As you may already know, we have been dumping tons of money into research and development

well i guess thats the reason for the price then.. lol


----------



## Buddreams (Dec 30, 2009)

I might can make an update later today, they are about 3ish weeks into flowering.


----------



## g13skunk (Dec 30, 2009)

wat the hell is bcseeds its only bcbuddepot thats the truth the rest just poof mannn stop bullshytiing and put up only pics of ur grow thats why igo to potpimp.com people on here be talkin bout bullshyt


----------



## CaNNaBiZ CaNucK (Dec 30, 2009)

trapper said:


> BCSEEDS are a bunch of gutless scammers who prey on people that have difficulties understanding reality.these clowns know those people exist,so they ripoff the defenseless.But this happens when you can make claims behind a computer,which you dont have to back up in some alley.So stay away from that den of thieves,they have no moral compas,they are greasy,dirty low down money grubbin pigs.


What did they do to you Trapper?

Has anyone else here had a negative experience with BCSeeds?
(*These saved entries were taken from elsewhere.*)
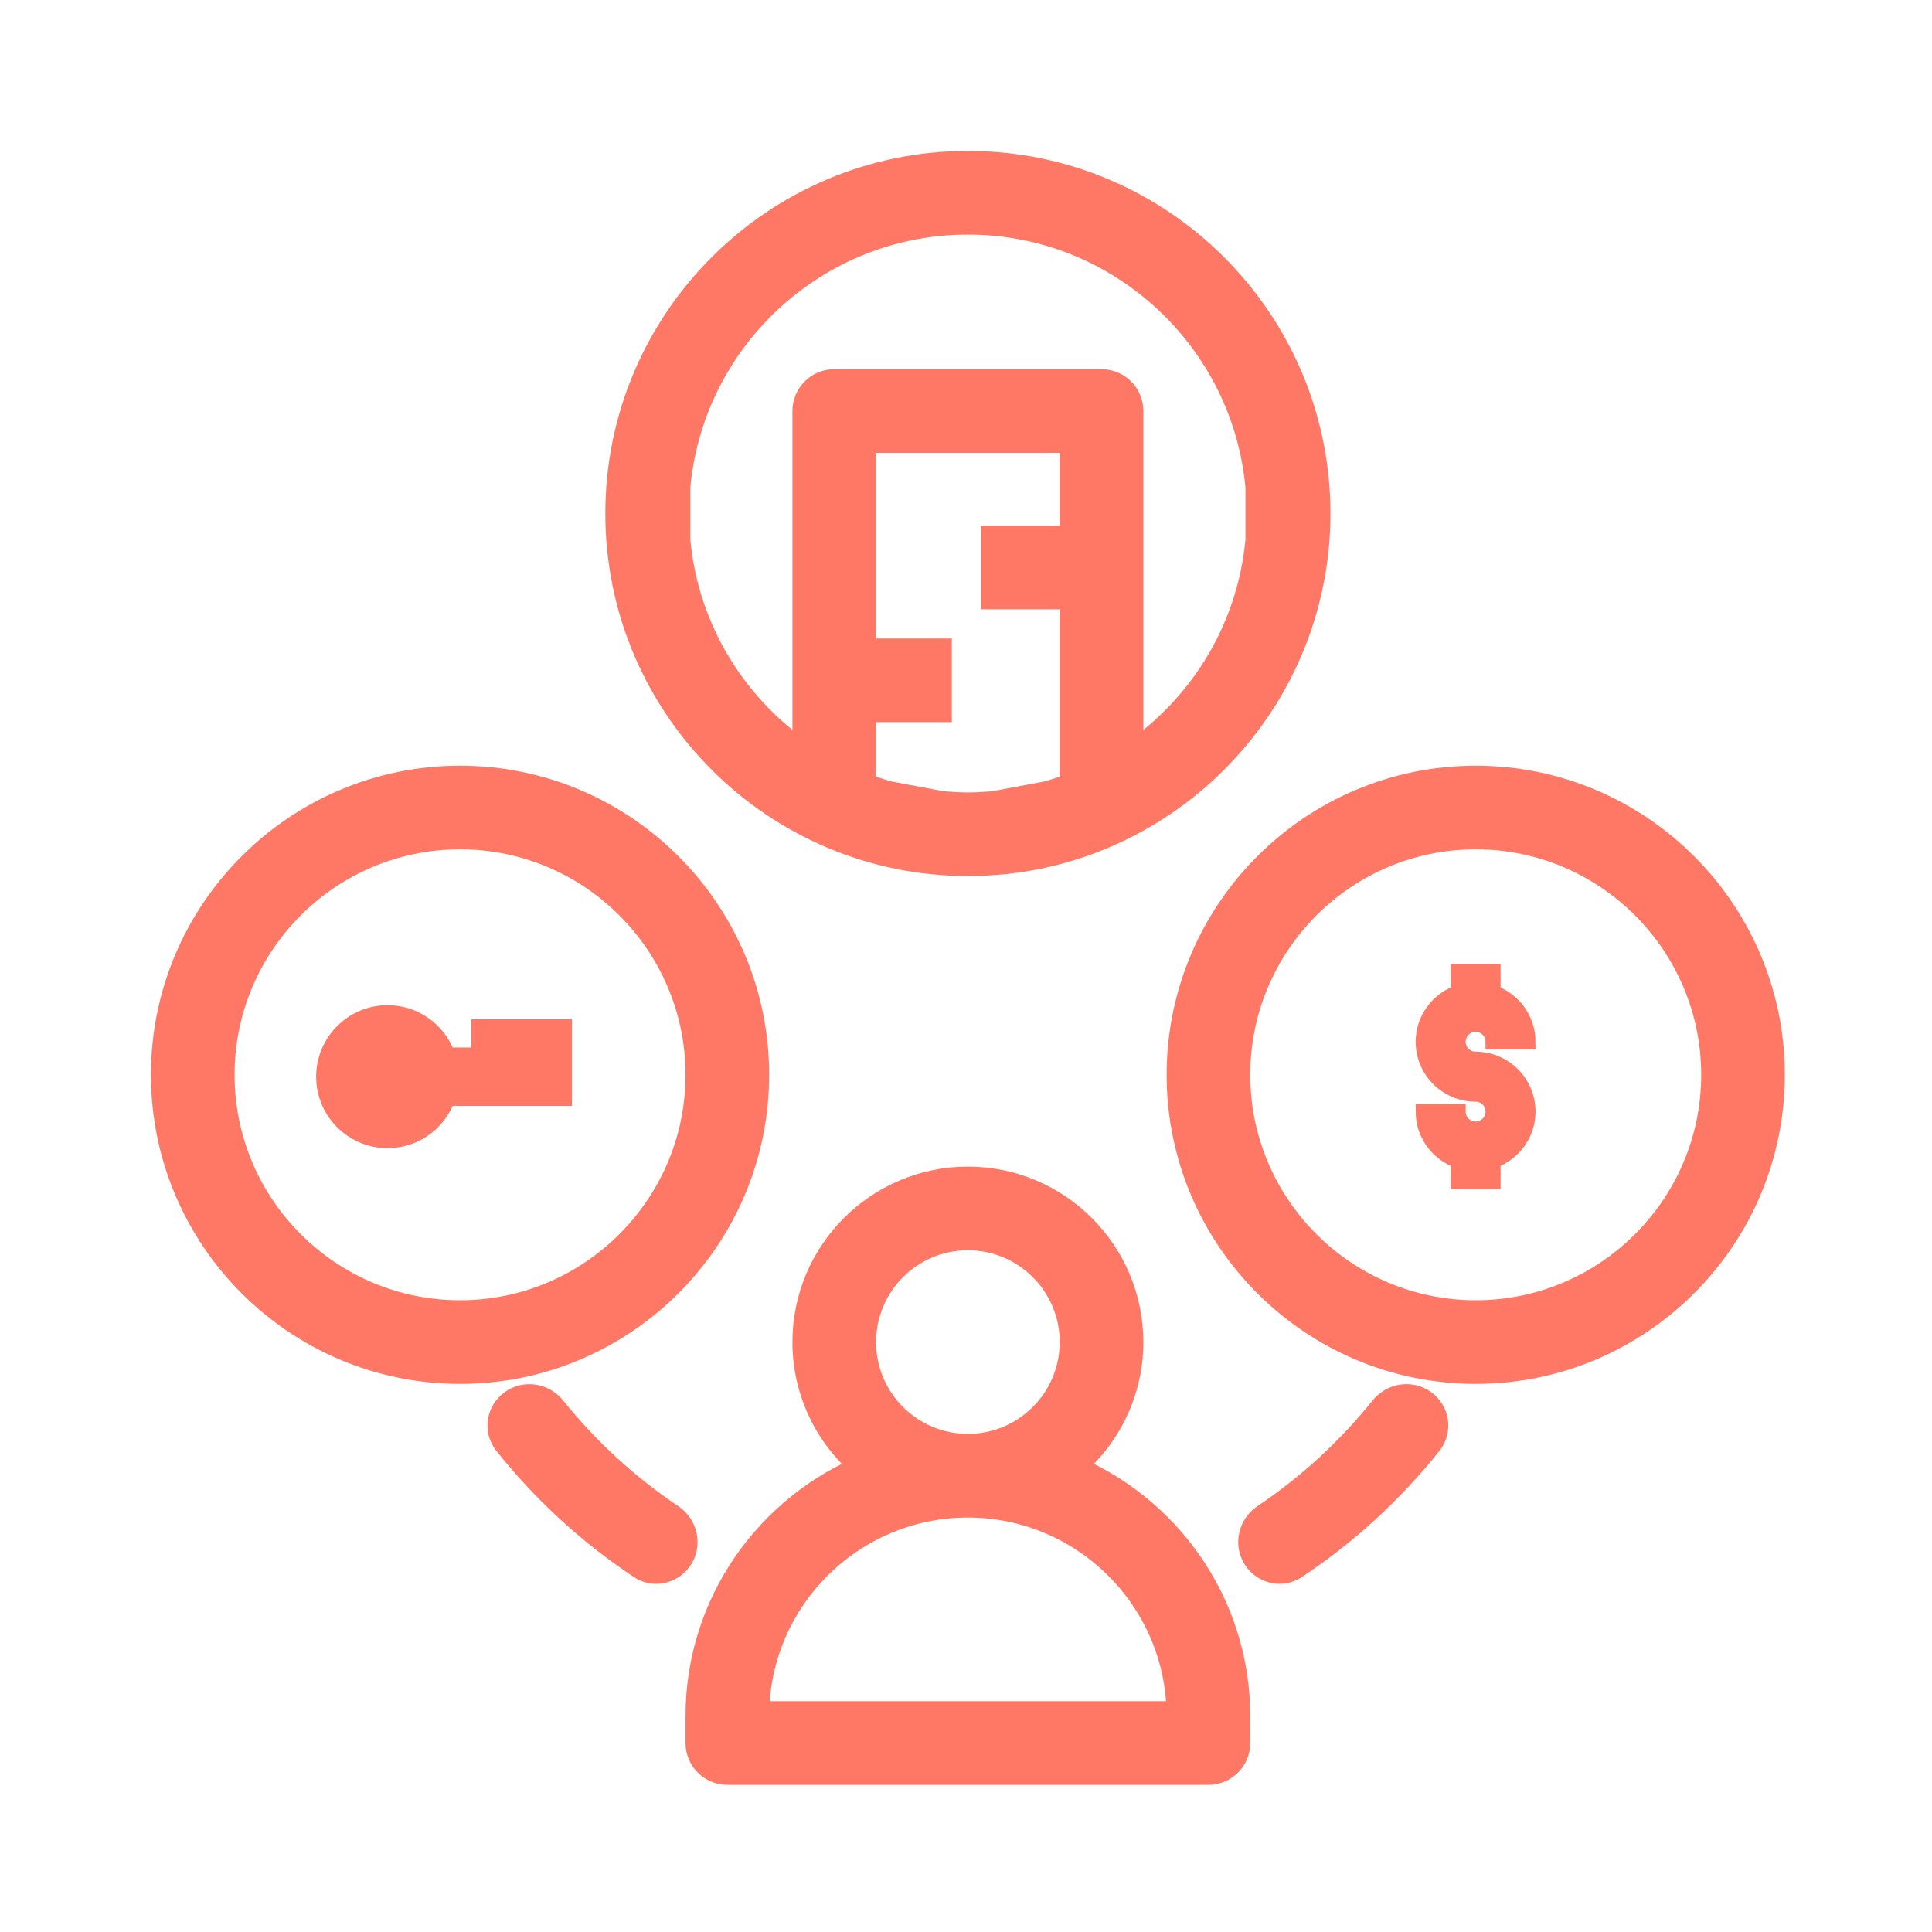 <svg width="512" height="512" viewBox="0 0 512 512" fill="none" xmlns="http://www.w3.org/2000/svg">
<path d="M185.667 454.833V461.917C185.667 465.827 188.84 469 192.75 469H320.25C324.16 469 327.333 465.827 327.333 461.917V454.833C327.333 425.027 308.803 399.512 282.68 389.079C292.597 381.287 299 369.224 299 355.667C299 332.228 279.939 313.167 256.5 313.167C233.061 313.167 214 332.228 214 355.667C214 369.224 220.403 381.287 230.32 389.079C204.197 399.512 185.667 425.027 185.667 454.833ZM228.167 355.667C228.167 340.041 240.874 327.333 256.5 327.333C272.126 327.333 284.833 340.041 284.833 355.667C284.833 371.292 272.126 384 256.5 384C240.874 384 228.167 371.292 228.167 355.667ZM256.5 398.167C287.744 398.167 313.167 423.589 313.167 454.833H199.833C199.833 423.589 225.255 398.167 256.5 398.167Z" fill="#FF7866" stroke="#FF7866" stroke-width="8"/>
<path fill-rule="evenodd" clip-rule="evenodd" d="M348.583 136.083C348.583 186.857 307.273 228.167 256.5 228.167C205.726 228.167 164.417 186.857 164.417 136.083C164.417 85.31 205.726 44 256.5 44C307.273 44 348.583 85.31 348.583 136.083ZM277.75 210.982C280.165 210.295 282.524 209.495 284.833 208.588V116.008H228.166V208.588C230.476 209.495 232.834 210.295 235.25 210.982L249.416 213.639C251.754 213.851 254.106 214 256.5 214C258.894 214 261.246 213.851 263.583 213.639L277.75 210.982ZM214 201.307V129V108.925C214 105.015 217.173 101.841 221.083 101.841H291.916C295.826 101.841 299 105.015 299 108.925V143.167V201.307C318.429 188.599 331.852 167.498 334.055 143.167V129C330.464 89.347 297.073 58.167 256.5 58.167C215.926 58.167 182.536 89.347 178.944 129V143.167C181.147 167.498 194.57 188.599 214 201.307Z" fill="#FF7866" stroke="#FF7866" stroke-width="8"/>
<path d="M121.917 362.75C164.877 362.75 199.833 327.794 199.833 284.833C199.833 241.873 164.877 206.917 121.917 206.917C78.956 206.917 44 241.873 44 284.833C44 327.794 78.956 362.75 121.917 362.75ZM121.917 221.083C157.064 221.083 185.667 249.686 185.667 284.833C185.667 319.981 157.064 348.583 121.917 348.583C86.769 348.583 58.167 319.981 58.167 284.833C58.167 249.686 86.769 221.083 121.917 221.083Z" fill="#FF7866" stroke="#FF7866" stroke-width="8"/>
<path d="M469 284.833C469 241.873 434.044 206.917 391.084 206.917C348.123 206.917 313.167 241.873 313.167 284.833C313.167 327.794 348.123 362.75 391.084 362.75C434.044 362.75 469 327.794 469 284.833ZM327.334 284.833C327.334 249.686 355.936 221.083 391.084 221.083C426.231 221.083 454.834 249.686 454.834 284.833C454.834 319.981 426.231 348.583 391.084 348.583C355.936 348.583 327.334 319.981 327.334 284.833Z" fill="#FF7866" stroke="#FF7866" stroke-width="8"/>
<path d="M146.116 373.642C143.664 370.592 139.247 369.878 136.082 372.179V372.179C132.917 374.479 132.204 378.919 134.642 381.978C144.769 394.685 156.69 405.622 170.205 414.613C173.462 416.78 177.826 415.687 179.844 412.336V412.336C181.863 408.986 180.772 404.648 177.525 402.468C165.628 394.478 155.103 384.818 146.116 373.642Z" fill="#FF7866" stroke="#FF7866" stroke-width="8"/>
<path d="M378.36 381.972C380.797 378.912 380.083 374.472 376.919 372.172V372.172C373.753 369.871 369.335 370.586 366.883 373.635C357.896 384.812 347.372 394.47 335.475 402.46C332.228 404.641 331.137 408.979 333.156 412.33V412.33C335.175 415.68 339.538 416.774 342.795 414.608C356.311 405.62 368.236 394.68 378.36 381.972Z" fill="#FF7866" stroke="#FF7866" stroke-width="8"/>
<path d="M263.975 143.309H278.142V157.476H263.975V143.309Z" fill="#FF7866" stroke="#FF7866" stroke-width="8"/>
<path d="M234.075 173.208H248.242V187.375H234.075V173.208Z" fill="#FF7866" stroke="#FF7866" stroke-width="8"/>
<path d="M395.675 313.096V307.617C401.048 305.701 404.93 300.611 404.93 294.586C404.93 286.933 398.701 280.704 391.048 280.704C388.498 280.704 386.421 278.627 386.421 276.077C386.421 273.527 388.498 271.45 391.048 271.45C393.598 271.45 395.675 273.527 395.675 276.077H404.93C404.93 270.052 401.048 264.962 395.675 263.047V257.568H386.421V263.047C381.048 264.962 377.166 270.052 377.166 276.077C377.166 283.731 383.394 289.959 391.048 289.959C393.598 289.959 395.675 292.037 395.675 294.586C395.675 297.136 393.598 299.214 391.048 299.214C388.498 299.214 386.421 297.136 386.421 294.586H377.166C377.166 300.611 381.048 305.701 386.421 307.617V313.096H395.675Z" fill="#FF7866" stroke="#FF7866" stroke-width="4"/>
<path d="M140.105 274.119V281.594H136.368V274.119H128.893V281.594H117.15C115.479 275.166 109.675 270.382 102.731 270.382C94.486 270.382 87.781 277.087 87.781 285.332C87.781 293.576 94.486 300.281 102.731 300.281C109.675 300.281 115.479 295.498 117.15 289.069H147.58V274.119H140.105ZM102.731 292.807C98.609 292.807 95.256 289.454 95.256 285.332C95.256 281.209 98.609 277.857 102.731 277.857C106.853 277.857 110.206 281.209 110.206 285.332C110.206 289.454 106.853 292.807 102.731 292.807Z" fill="#FF7866"/>
<path d="M102.731 292.807C98.609 292.807 95.256 289.454 95.256 285.332C95.256 281.209 98.609 277.857 102.731 277.857C106.853 277.857 110.206 281.209 110.206 285.332C110.206 289.454 106.853 292.807 102.731 292.807Z" fill="#FF7866"/>
<path d="M140.105 274.119V281.594H136.368V274.119H128.893V281.594H117.15C115.479 275.166 109.675 270.382 102.731 270.382C94.486 270.382 87.781 277.087 87.781 285.332C87.781 293.576 94.486 300.281 102.731 300.281C109.675 300.281 115.479 295.498 117.15 289.069H147.58V274.119H140.105ZM102.731 292.807C98.609 292.807 95.256 289.454 95.256 285.332C95.256 281.209 98.609 277.857 102.731 277.857C106.853 277.857 110.206 281.209 110.206 285.332C110.206 289.454 106.853 292.807 102.731 292.807Z" stroke="#FF7866" stroke-width="8"/>
<path d="M102.731 292.807C98.609 292.807 95.256 289.454 95.256 285.332C95.256 281.209 98.609 277.857 102.731 277.857C106.853 277.857 110.206 281.209 110.206 285.332C110.206 289.454 106.853 292.807 102.731 292.807Z" stroke="#FF7866" stroke-width="8"/>
</svg>

All this hype has gotten me intrigued. 

Or should I not believe the hype?


----------



## dirtnap411 (Dec 30, 2009)

$100 a bean is way to much for something that's not even guaranteed to germ, and then has a chance of being male on top of that. Even their claims on the reasonably priced gear are overinflated.


----------



## mossad420 (Dec 30, 2009)

CaNNaBiZ CaNucK said:


> What did they do to you Trapper?
> 
> Has anyone else here had a negative experience with BCSeeds? All this hype has gotten me intrigued.
> 
> Or should I not believe the hype?


You don't have to grow their shit out to know that they are not selling you the genetics you think you are buying. I dont doubt that they will send you seeds, but they will turn out to be equal or worse than any other genetics available, so when you factor in the BCSEEDS price...

Their claims of flowering times and thc levels havent been acheived by anyone yet. They claim to have the best in the world yet you dont hear about them from reputable growers nor see them in cups, magazines, grow journals etc.

They require you send them cash which means there is no way for you to get a refund or even their real contact info. I personally would never purchase anything online unless it is via Credit Card. This gives me a papertrail and if I get ripped off, Mastercard will simply cancel the payment to BCSEEDS or whoever it happens to be, and refund me on my next statement. 

The only legit arguement that Ive ever witnessed is a few pics of some good looking plants that someone claims are BC Seeds gear. Then again ive seen people posting nearly finished plants claiming it is BCSEEDS at day 22 of flower (including the 2 week period at beginning that some people dont count as flowering) Those pics are somewhere on these forums if you have the time do a search. I have also seen some very shitty looking grows that claim to be BC Seeds gear. I mean just look at their pictures compared to other breeders, does that really look like its worth $1,000?. I'm not going to waste any more of my time trying to help people see how/why they are a complete scam. Compare them to the other breeders and it should be quite obvious that the breeders with the top rep charge like $100-150CDN max. 

Bottom line if BCSEEDS had the bomb shit they claim to have it would be all over the net, everyone would know. You wouldn;t struggle to find a single legit journal of one of their expensive "best in world" strains.


----------



## CaNNaBiZ CaNucK (Dec 30, 2009)

mossad420 said:


> Bottom line if BCSEEDS had the bomb shit they claim to have it would be all over the net, everyone would know. You wouldn;t struggle to find a single legit journal of one of their expensive "best in world" strains.


True, true.

Thanks for your insight


----------



## Buddreams (Dec 30, 2009)

lol, haters. 


If my bud turn's out to be decent i could see catching one of there sells and ordering one of the more expensive strains. In the mean time, i'll grow some Kali mist, White russian, and Jack Herrer to compare it too.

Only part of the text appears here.